Lyme Disease Research Center, Division of Rheumatology, Department of Medicine, Johns Hopkins University School of Medicine, Baltimore, MD, USA.
Johns Hopkins HealthCare LLC, Glen Burnie, MD, USA.
BMC Health Serv Res. 2023 Aug 29;23(1):919. doi: 10.1186/s12913-023-09909-3.
Insurance claims data have been used to inform an understanding of Lyme disease epidemiology and cost of care, however few such studies have incorporated post-treatment symptoms following diagnosis. Using longitudinal data from a private, employer-based health plan in an endemic US state, we compared outpatient care utilization pre- and post-Lyme disease diagnosis. We hypothesized that utilization would be higher in the post-diagnosis period, and that temporal trends would differ by age and gender.
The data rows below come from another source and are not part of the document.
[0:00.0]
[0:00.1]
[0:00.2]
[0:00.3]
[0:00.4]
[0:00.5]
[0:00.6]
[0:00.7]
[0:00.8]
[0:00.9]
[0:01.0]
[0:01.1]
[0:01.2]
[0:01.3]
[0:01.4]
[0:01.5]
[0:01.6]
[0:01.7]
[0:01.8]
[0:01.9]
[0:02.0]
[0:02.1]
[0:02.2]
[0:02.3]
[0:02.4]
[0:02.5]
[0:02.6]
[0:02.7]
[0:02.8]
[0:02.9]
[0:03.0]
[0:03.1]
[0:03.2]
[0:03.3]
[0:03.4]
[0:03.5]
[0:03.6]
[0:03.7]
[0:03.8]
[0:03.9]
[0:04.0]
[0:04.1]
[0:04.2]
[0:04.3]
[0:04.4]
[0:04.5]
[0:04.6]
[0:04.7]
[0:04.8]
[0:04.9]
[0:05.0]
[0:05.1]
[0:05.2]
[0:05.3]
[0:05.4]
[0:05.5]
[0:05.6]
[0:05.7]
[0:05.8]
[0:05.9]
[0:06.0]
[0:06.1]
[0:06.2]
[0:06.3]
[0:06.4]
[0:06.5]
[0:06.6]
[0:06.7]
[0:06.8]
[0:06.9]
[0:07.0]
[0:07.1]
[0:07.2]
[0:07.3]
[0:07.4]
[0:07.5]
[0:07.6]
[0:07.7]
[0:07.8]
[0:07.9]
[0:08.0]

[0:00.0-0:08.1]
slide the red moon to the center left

Members with Lyme disease were required to have both a corresponding ICD-9 code and a fill of an antibiotic indicated for treatment of the infection within 30 days of diagnosis. A 2-year 'pre- diagnosis' period and a 2-year 'post-diagnosis period' were centered around the diagnosis month. Lyme disease-relevant outpatient care visits were defined as specific primary care, specialty care, or urgent care visits. Descriptive statistics examined visits during these pre- and post-diagnosis periods, and the association between these periods and the number of visits was explored using generalized linear mixed effects models adjusting for age, season of the year, and gender.
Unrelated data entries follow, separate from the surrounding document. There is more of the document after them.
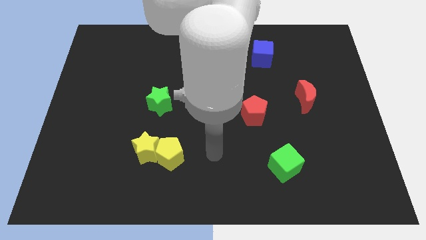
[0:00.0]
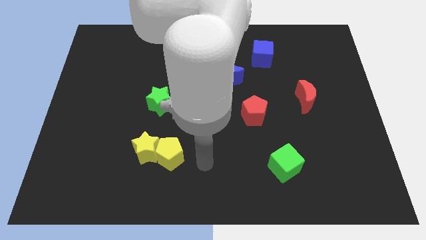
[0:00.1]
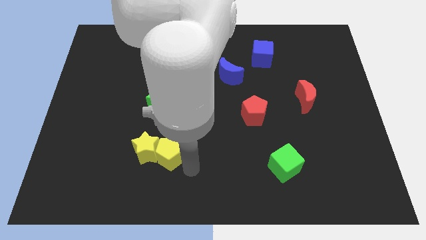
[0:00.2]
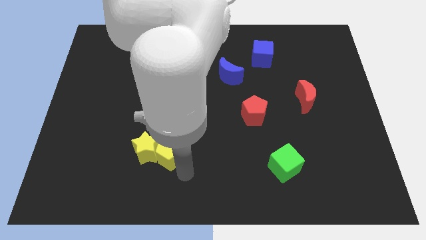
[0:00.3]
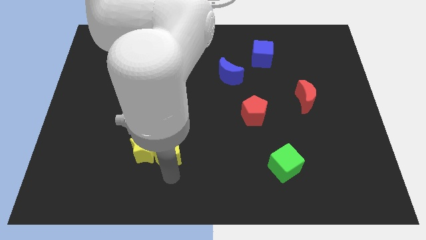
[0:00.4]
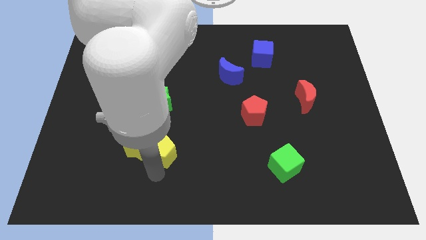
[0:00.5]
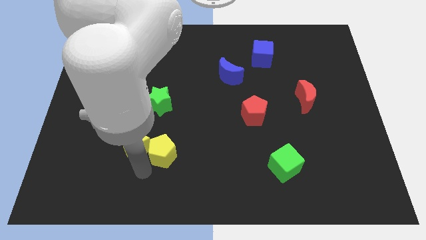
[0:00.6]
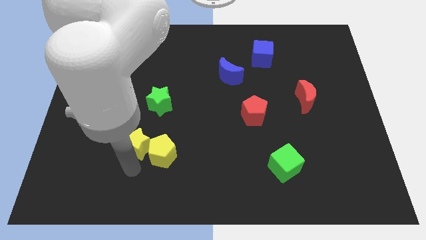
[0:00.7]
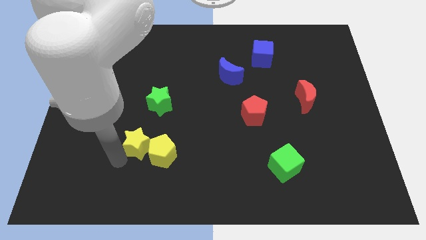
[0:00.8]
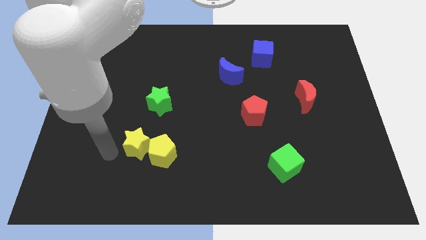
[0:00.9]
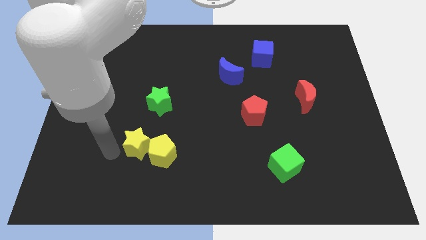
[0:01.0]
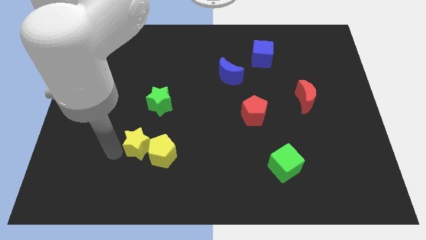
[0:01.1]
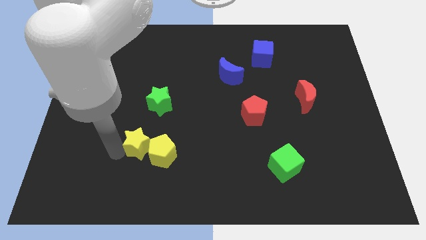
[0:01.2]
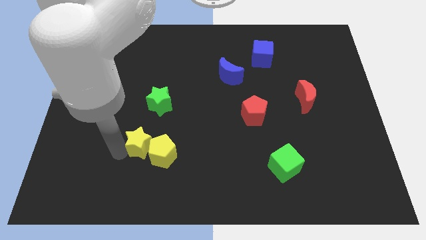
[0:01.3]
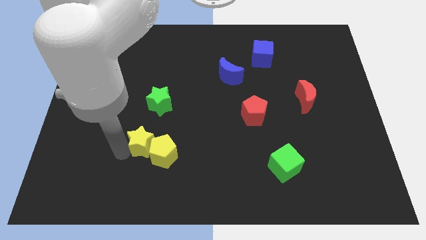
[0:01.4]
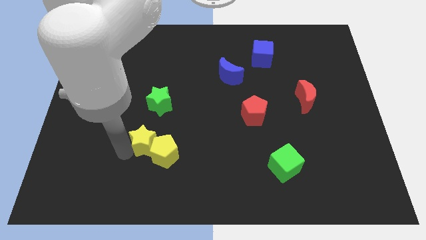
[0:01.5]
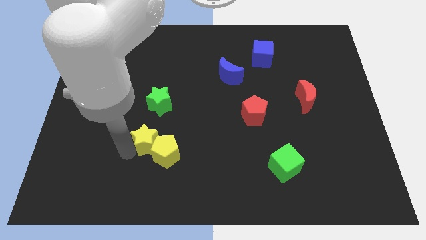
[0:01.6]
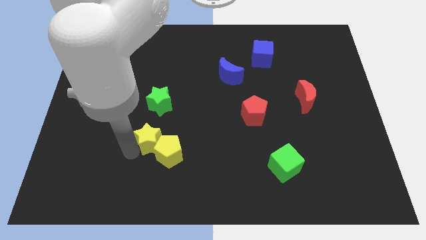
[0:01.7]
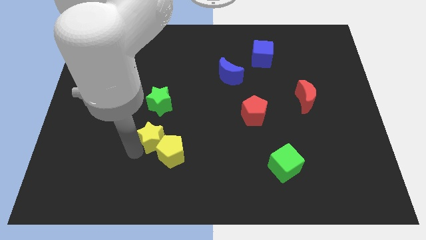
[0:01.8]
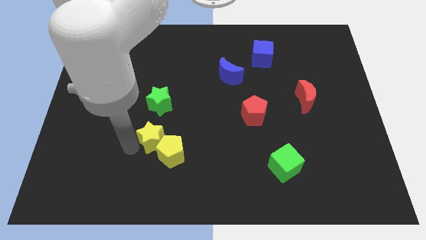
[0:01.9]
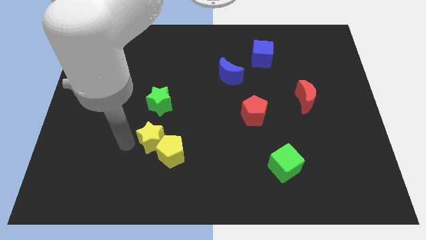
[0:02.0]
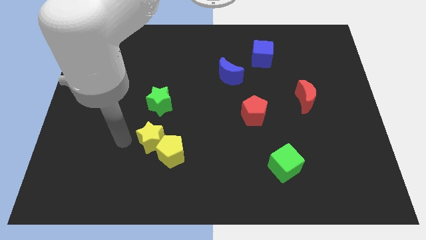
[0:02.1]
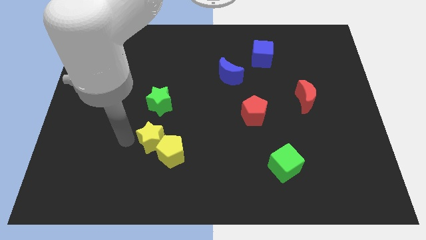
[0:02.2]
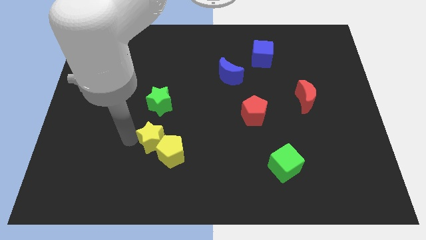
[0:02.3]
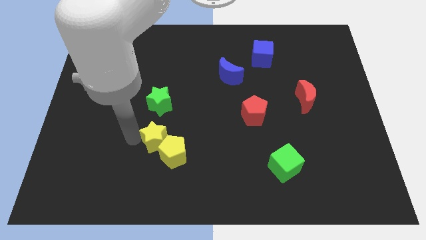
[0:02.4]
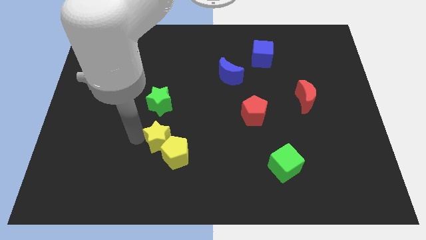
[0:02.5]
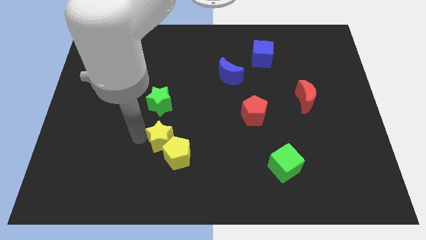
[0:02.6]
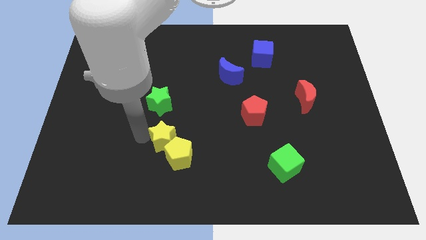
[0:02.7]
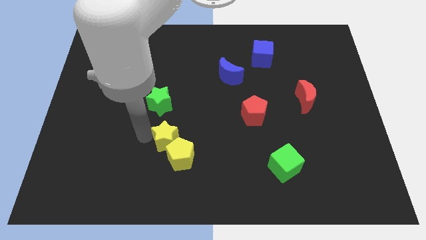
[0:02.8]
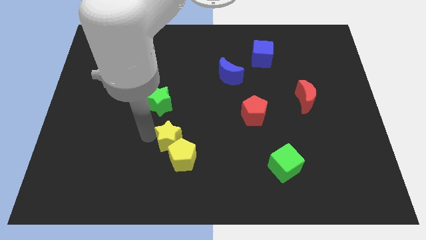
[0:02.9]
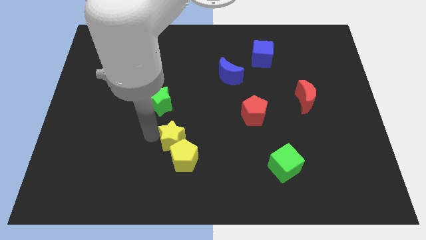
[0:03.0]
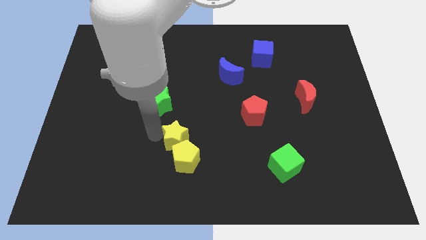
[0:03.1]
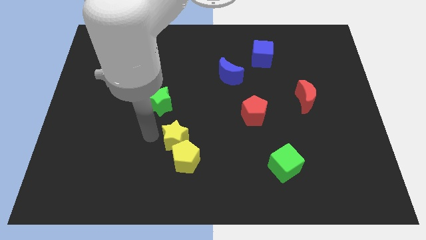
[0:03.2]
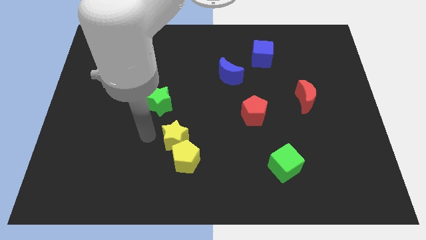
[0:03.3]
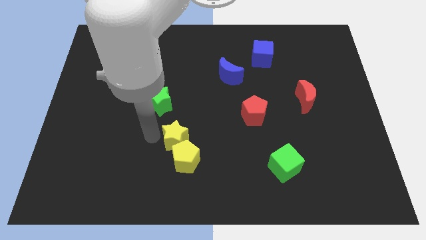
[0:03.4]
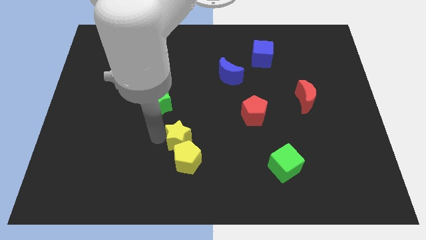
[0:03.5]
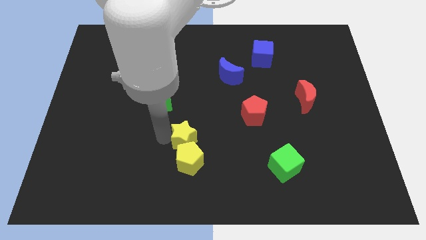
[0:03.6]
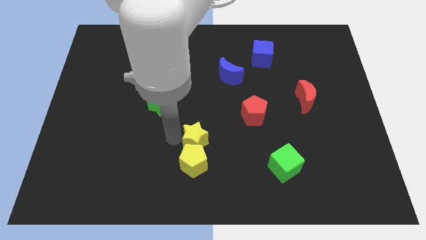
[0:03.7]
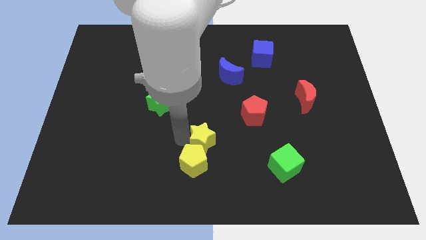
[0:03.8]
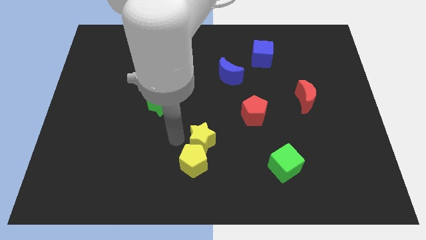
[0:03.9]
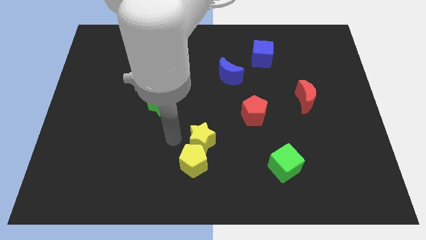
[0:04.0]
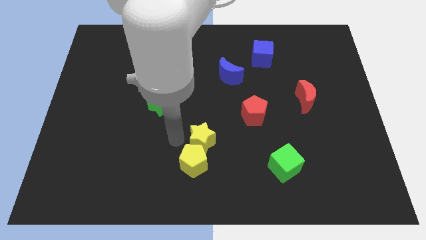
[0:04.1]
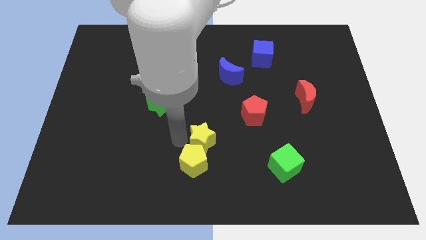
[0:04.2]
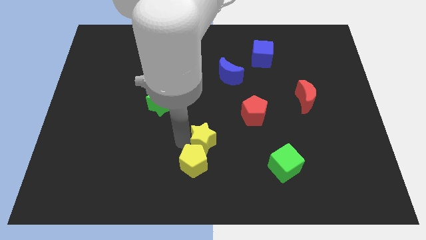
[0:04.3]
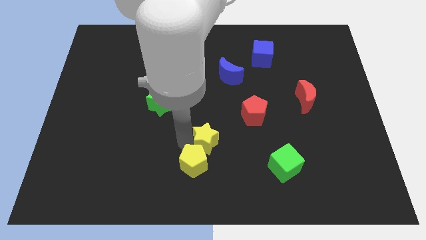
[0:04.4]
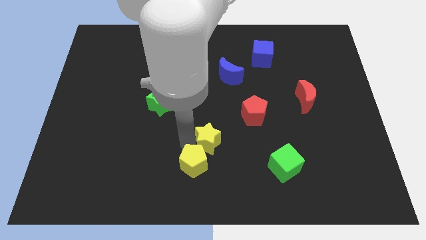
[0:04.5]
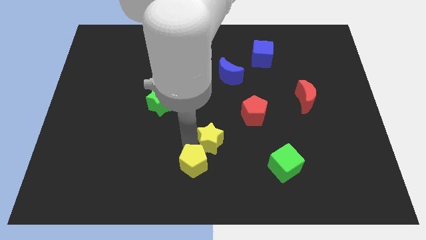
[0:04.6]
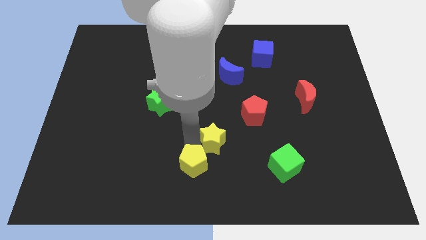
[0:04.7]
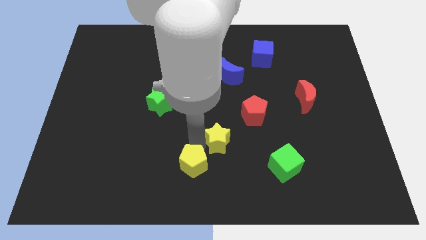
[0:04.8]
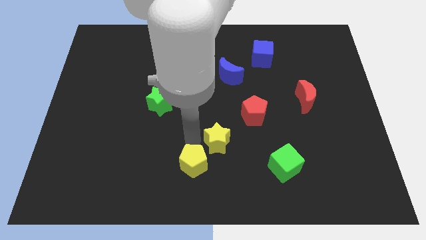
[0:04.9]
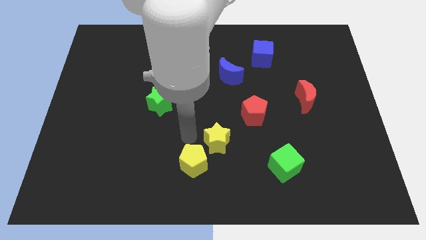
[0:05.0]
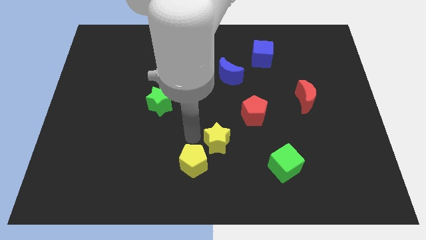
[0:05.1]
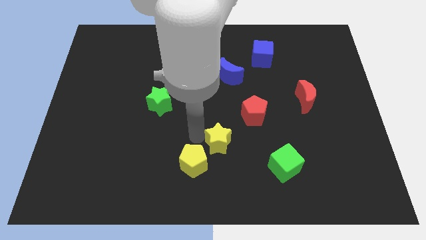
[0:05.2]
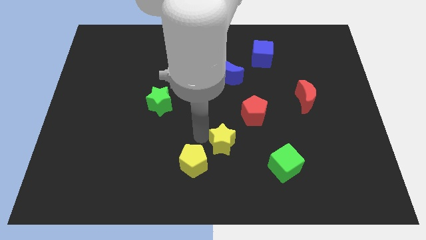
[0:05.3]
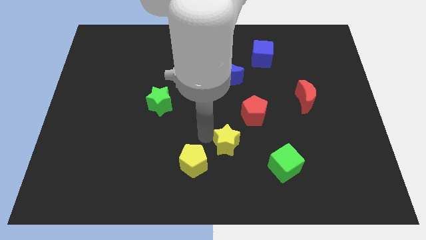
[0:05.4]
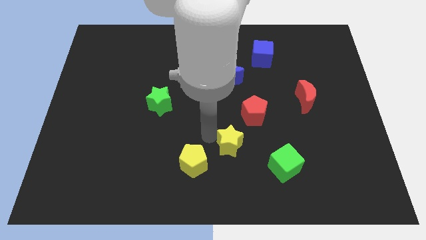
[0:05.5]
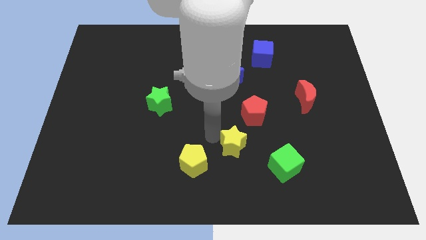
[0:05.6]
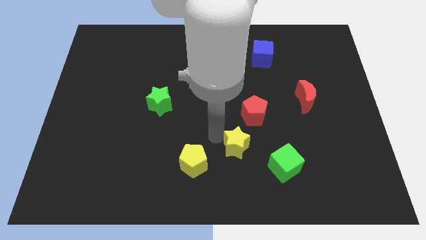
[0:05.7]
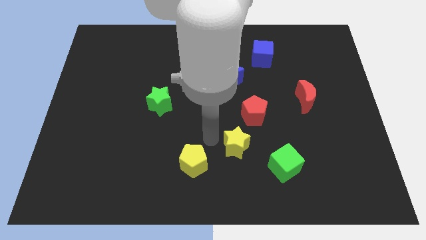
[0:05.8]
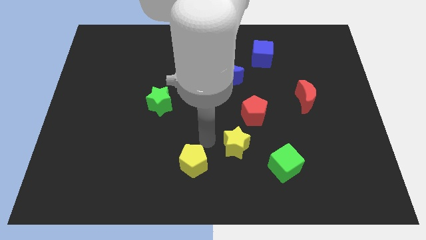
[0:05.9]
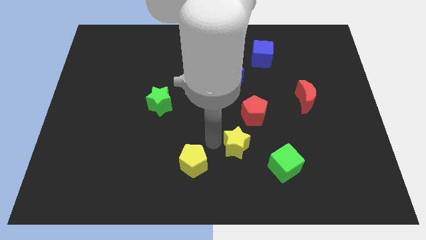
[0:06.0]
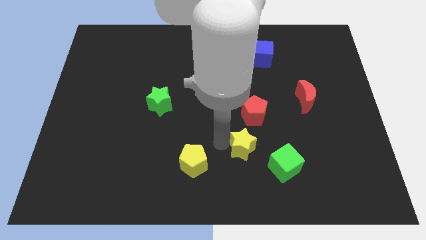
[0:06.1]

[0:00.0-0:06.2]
slide the yellow star right

The rate of outpatient visits increased 26% from the pre to the post-Lyme disease diagnosis periods among our 317-member sample (rate ratio = 1.26 [1.18, 1.36], p < 0.001). Descriptively, care utilization increases appeared to persist across months in the post-diagnosis period. Women's care utilization increased by 36% (1.36 [1.24, 1.50], p < 0.001), a significantly higher increase than the 14% increase found among men (1.14 [1.02, 1.27], p = 0.017). This gender difference was mainly driven by adult members. We found a borderline significant 17% increase in visits for children < 18 years, (1.17 [0.99, 1.38], p = 0.068), and a 31% increase for adults ≥ 18 years (1.31 [1.21, 1.42], p < 0.001).
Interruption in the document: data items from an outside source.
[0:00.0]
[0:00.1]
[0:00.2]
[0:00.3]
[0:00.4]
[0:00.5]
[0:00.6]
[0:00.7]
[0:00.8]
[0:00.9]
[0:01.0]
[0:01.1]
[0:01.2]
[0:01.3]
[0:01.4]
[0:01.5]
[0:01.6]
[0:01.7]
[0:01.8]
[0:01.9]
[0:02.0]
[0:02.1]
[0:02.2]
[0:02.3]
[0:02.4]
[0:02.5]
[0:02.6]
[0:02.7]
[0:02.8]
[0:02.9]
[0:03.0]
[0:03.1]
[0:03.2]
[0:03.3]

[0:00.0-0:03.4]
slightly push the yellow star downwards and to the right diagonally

Although modest at the population level, the statistically significant increases in post-Lyme diagnosis outpatient care we observed were persistent and unevenly distributed across demographic and place of service categories. As Lyme disease cases continue to grow, so will the cumulative prevalence of persistent symptoms after treatment. Therefore, it will be important to confirm these findings and understand their significance for care utilization and cost, particularly against the backdrop of other post-acute infectious syndromes.
保险索赔数据已被用于了解莱姆病的流行病学和治疗费用,但很少有此类研究纳入诊断后治疗后的症状。本研究利用美国一个流行地区私人雇主健康计划的纵向数据,比较了莱姆病诊断前后的门诊护理利用情况。我们假设,在诊断后时期,利用会更高,并且时间趋势会因年龄和性别而异。
要求患有莱姆病的患者在诊断后 30 天内必须同时具有相应的 ICD-9 代码和抗生素的配药,以表明其接受了治疗感染的治疗。以诊断月份为中心,设定了为期 2 年的“诊断前”期和为期 2 年的“诊断后”期。莱姆病相关的门诊护理就诊被定义为特定的初级保健、专科保健或紧急护理就诊。描述性统计分析了这些诊断前和诊断后时期的就诊情况,并使用广义线性混合效应模型对年龄、季节和性别进行调整,探讨了这些时期与就诊次数之间的关联。
在我们的 317 名样本中,从莱姆病诊断前到诊断后的门诊就诊率增加了 26%(比率比=1.26 [1.18, 1.36],p<0.001)。从描述性分析来看,在诊断后时期,护理利用率的增加似乎持续存在于多个月份。女性的护理利用率增加了 36%(1.36 [1.24, 1.50],p<0.001),这一增长率明显高于男性的 14%(1.14 [1.02, 1.27],p=0.017)。这种性别差异主要是由成年成员驱动的。我们发现,18 岁以下儿童的就诊率增加了 17%(1.17 [0.99, 1.38],p=0.068),18 岁以上成年人的就诊率增加了 31%(1.31 [1.21, 1.42],p<0.001),这一结果具有边缘显著性。
尽管在人群水平上幅度较小,但我们观察到的莱姆病诊断后门诊护理利用率的显著增加是持续存在的,并且在人口统计学和服务场所类别之间分布不均。随着莱姆病病例的持续增加,治疗后持续存在症状的累积患病率也将增加。因此,确认这些发现并了解其对护理利用率和成本的意义非常重要,特别是在其他急性后感染综合征的背景下。